While robot.txt files for SEO manage the accessibility of your content to search engines, it’s important to note that they don’t provide indexing instructions because the directives are for your website as a whole, not individual webpages. The five most common terms for robots.txt directive are:
- User-agent: This should always be the first line in your robots.txt file since it refers to the specific web crawlers that should follow your directive.
- Disallow: This is the command that tells user-agents not to crawl your webpage. You can only include one “disallow” line for each URL.
- Allow: This directive is only applicable to Googlebot — it tells Googlebot it can access a specific webpage even if its parent page is disallowed.
- Crawl-delay: This specifies how long a crawler should wait before loading and crawling your page content. Googlebot doesn’t acknowledge this term, however, you can set the crawl rate for your webpage in Google Search Console.
- Sitemap: This term is used to point out the location of any XML sitemap(s) associated with a particular URL. This directive is only acknowledged by Google, Ask, Bing, and Yahoo.

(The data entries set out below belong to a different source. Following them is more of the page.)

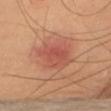Captured during whole-body skin photography for melanoma surveillance; the lesion was not biopsied. From the abdomen. A female subject about 70 years old. The recorded lesion diameter is about 5 mm. A region of skin cropped from a whole-body photographic capture, roughly 15 mm wide. This is a cross-polarized tile.
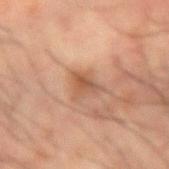Assessment:
No biopsy was performed on this lesion — it was imaged during a full skin examination and was not determined to be concerning.
Context:
A male patient aged 58–62. A 15 mm close-up tile from a total-body photography series done for melanoma screening. From the right forearm.
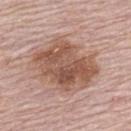body site = the upper back
lesion size = about 8 mm
illumination = white-light
subject = female, approximately 65 years of age
acquisition = total-body-photography crop, ~15 mm field of view
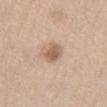TBP lesion metrics — an area of roughly 5.5 mm², an eccentricity of roughly 0.65, and a shape-asymmetry score of about 0.2 (0 = symmetric)
diameter — ~3 mm (longest diameter)
site — the abdomen
illumination — white-light
image — total-body-photography crop, ~15 mm field of view
subject — female, aged 38 to 42
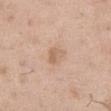| feature | finding |
|---|---|
| patient | male, in their 50s |
| site | the right thigh |
| image | ~15 mm crop, total-body skin-cancer survey |
| lesion diameter | ~3 mm (longest diameter) |
| illumination | white-light |
| automated lesion analysis | a mean CIELAB color near L≈63 a*≈18 b*≈31 and roughly 8 lightness units darker than nearby skin |
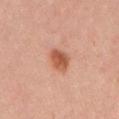biopsy_status: not biopsied; imaged during a skin examination
lighting: white-light
site: right upper arm
image:
  source: total-body photography crop
  field_of_view_mm: 15
patient:
  sex: female
  age_approx: 25
lesion_size:
  long_diameter_mm_approx: 3.0
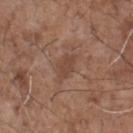Imaged during a routine full-body skin examination; the lesion was not biopsied and no histopathology is available. The lesion-visualizer software estimated a border-irregularity index near 2.5/10, a within-lesion color-variation index near 2/10, and a peripheral color-asymmetry measure near 1. The analysis additionally found an automated nevus-likeness rating near 5 out of 100 and a detector confidence of about 100 out of 100 that the crop contains a lesion. A close-up tile cropped from a whole-body skin photograph, about 15 mm across. On the chest. This is a white-light tile. A male patient, aged 68 to 72.
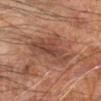Recorded during total-body skin imaging; not selected for excision or biopsy. A subject in their mid- to late 60s. A 15 mm close-up tile from a total-body photography series done for melanoma screening. The lesion is located on the left forearm.
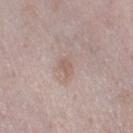Q: Was this lesion biopsied?
A: no biopsy performed (imaged during a skin exam)
Q: Who is the patient?
A: female, roughly 40 years of age
Q: What kind of image is this?
A: total-body-photography crop, ~15 mm field of view
Q: Lesion location?
A: the right thigh
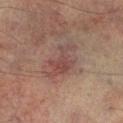Captured during whole-body skin photography for melanoma surveillance; the lesion was not biopsied. This image is a 15 mm lesion crop taken from a total-body photograph. This is a cross-polarized tile. Approximately 5 mm at its widest. The lesion is on the leg. A male patient aged 73 to 77.
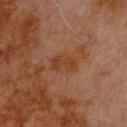Clinical impression: No biopsy was performed on this lesion — it was imaged during a full skin examination and was not determined to be concerning. Background: The lesion is on the upper back. Captured under cross-polarized illumination. A male patient, aged 78 to 82. A lesion tile, about 15 mm wide, cut from a 3D total-body photograph. About 3 mm across.
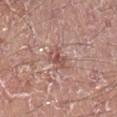Q: Was this lesion biopsied?
A: no biopsy performed (imaged during a skin exam)
Q: Illumination type?
A: white-light illumination
Q: Lesion location?
A: the right lower leg
Q: Lesion size?
A: ~3.5 mm (longest diameter)
Q: What are the patient's age and sex?
A: male, aged 18 to 22
Q: Automated lesion metrics?
A: a border-irregularity index near 4/10, internal color variation of about 4 on a 0–10 scale, and radial color variation of about 1
Q: How was this image acquired?
A: ~15 mm tile from a whole-body skin photo
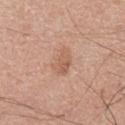Notes:
- follow-up: total-body-photography surveillance lesion; no biopsy
- TBP lesion metrics: an average lesion color of about L≈59 a*≈21 b*≈30 (CIELAB), roughly 8 lightness units darker than nearby skin, and a normalized lesion–skin contrast near 5.5
- lesion size: ≈3.5 mm
- imaging modality: ~15 mm crop, total-body skin-cancer survey
- site: the abdomen
- tile lighting: white-light
- subject: male, aged 73 to 77
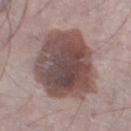The lesion was tiled from a total-body skin photograph and was not biopsied.
The subject is a male roughly 70 years of age.
The lesion is on the left lower leg.
A 15 mm close-up tile from a total-body photography series done for melanoma screening.
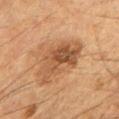Part of a total-body skin-imaging series; this lesion was reviewed on a skin check and was not flagged for biopsy. A close-up tile cropped from a whole-body skin photograph, about 15 mm across. From the right forearm. Automated tile analysis of the lesion measured a shape eccentricity near 0.75. The software also gave about 10 CIELAB-L* units darker than the surrounding skin and a normalized lesion–skin contrast near 7.5. The analysis additionally found border irregularity of about 3.5 on a 0–10 scale, a color-variation rating of about 6.5/10, and a peripheral color-asymmetry measure near 2. And it measured an automated nevus-likeness rating near 15 out of 100 and a detector confidence of about 100 out of 100 that the crop contains a lesion. Captured under cross-polarized illumination. About 6 mm across. The subject is a male aged 83 or older.
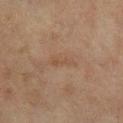Imaged during a routine full-body skin examination; the lesion was not biopsied and no histopathology is available. Imaged with cross-polarized lighting. A 15 mm crop from a total-body photograph taken for skin-cancer surveillance. The total-body-photography lesion software estimated a lesion area of about 2.5 mm², a shape eccentricity near 0.95, and a symmetry-axis asymmetry near 0.35. Measured at roughly 3 mm in maximum diameter. A female subject aged 53–57. The lesion is located on the leg.

- $ : This can be used to match the end of a URL.
- *: This can be used as a wildcard to represent any sequence of characters.
Which is Better for SEO: Meta Robots Tags vs. Robot.txt?
This wound up being a bit of a trick question because both are important for your site’s SEO.
Since meta robots tags and SEO robots.txt files aren’t truly interchangeable, you’ll need to use both to provide the correct parameters for site crawlers. As Search Engine Journal puts it, “Robots.txt files instruct crawlers about the entire site. While meta robots tags get into the nitty-gritty of a specific page [on a website].”
For example, if you want to deindex one of your web pages from Google’s SERPs, it’s better to use a “Noindex” meta robots tag rather than a robots.txt directive. If you’re looking to block entire sections of your website from showing up on SERPs, using a disallow robots.txt file is the better choice.